The presidential debates between Hillary Clinton and Donald Trump were some of the most gruesome in U.S. history (Courtesy of Flickr).

“No ma’am, he’s a decent family man, a citizen that I just happen to have disagreements with on fundamental issues, and that’s what this campaign is all about.”

Those were the words of the late Senator John McCain when confronted at his rally by a woman during the 2008 presidential campaign who claimed she could not trust Barack Obama because he was Arab.

McCain continued to defend and voice his respect for his opponent throughout his campaign. In 2013 Obama called McCain a “person of classic integrity” and, after the passing of his rival, Obama released a statement saying “… all of us can aspire to the courage to put the greater good above our own.

At John’s best, he showed us what that means. And for that, we are all in his debt.” Also in 2013 former President George W. Bush came to Obama’s defense when he was criticized for playing too much golf. In an interview, Bush asserted that “I think he ought to play golf because I know what it’s like to be in the bubble. I know the pressures of the job, and to be able to get outside and play golf with some of your pals is important for the president.”
These are all examples of respectable and powerful people showing the public how to act with honor and dignity in a notoriously intense political setting.

These are the figures we should all be looking up to and imitating in our interactions with other people in society.
The United States’ 2016 presidential campaign was a step backwards in professionalism in the eyes of the public and other nations.
Both candidates, current-President Donald Trump and opponent Hillary Clinton, succumbed to ad hominem attacks instead of debating and discussing the issue at hand.

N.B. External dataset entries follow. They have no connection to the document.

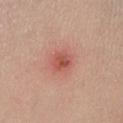Recorded during total-body skin imaging; not selected for excision or biopsy. Imaged with white-light lighting. From the leg. The recorded lesion diameter is about 2.5 mm. The subject is a female aged around 40. A close-up tile cropped from a whole-body skin photograph, about 15 mm across. Automated image analysis of the tile measured internal color variation of about 4 on a 0–10 scale and peripheral color asymmetry of about 1.
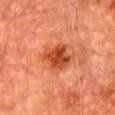| feature | finding |
|---|---|
| biopsy status | imaged on a skin check; not biopsied |
| body site | the chest |
| TBP lesion metrics | an outline eccentricity of about 0.45 (0 = round, 1 = elongated) and a symmetry-axis asymmetry near 0.2; a lesion color around L≈44 a*≈32 b*≈38 in CIELAB, about 12 CIELAB-L* units darker than the surrounding skin, and a lesion-to-skin contrast of about 9 (normalized; higher = more distinct) |
| subject | male, aged approximately 65 |
| lighting | cross-polarized illumination |
| imaging modality | ~15 mm tile from a whole-body skin photo |
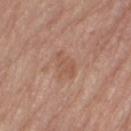The lesion was tiled from a total-body skin photograph and was not biopsied.
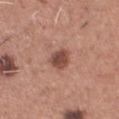follow-up: imaged on a skin check; not biopsied | subject: male, roughly 45 years of age | acquisition: ~15 mm tile from a whole-body skin photo | body site: the chest | tile lighting: white-light illumination.
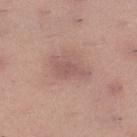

There were multiple occasions where either or both candidates would steer away from the topic they were supposed to be debating, only to attack the latest flaw in the other’s mentality. They strove to tear down the other’s reputation. Just recently, Hillary Clinton spoke at the PEN American World Voices Festival. She commented, “You just have to be calm and in control, because ultimately what the country wants is someone who is not blowing up in the Oval Office. Well, you know, that did not work out so well,” she said, to laughter.

When Clinton came down with pneumonia during the rigors of campaigning, Trump said she suffered from “low energy” and “lacked the mental and physical stamina to take on ISIS and all the many adversaries we face.” Like it or not, Hillary Clinton and Donald Trump’s actions have affected American society.

When we start talking politics, it is rarely a civil endeavor anymore. The initial reaction is to attack the opponent, and people are seldom open-minded to the other side of the debate. There is always an underlying hint of anger when political issues are brought up, leading us to attack the other side without listening to people’s stance on candidates and issues and try to think the way they do. I’ve heard people use words like “snowflakes” when referring to Democrats or “closed minded extremists” when referring to Republicans too often. People are more inclined to attack someone else’s character than professionally debate ideas because previous candidates have given us a window to do so.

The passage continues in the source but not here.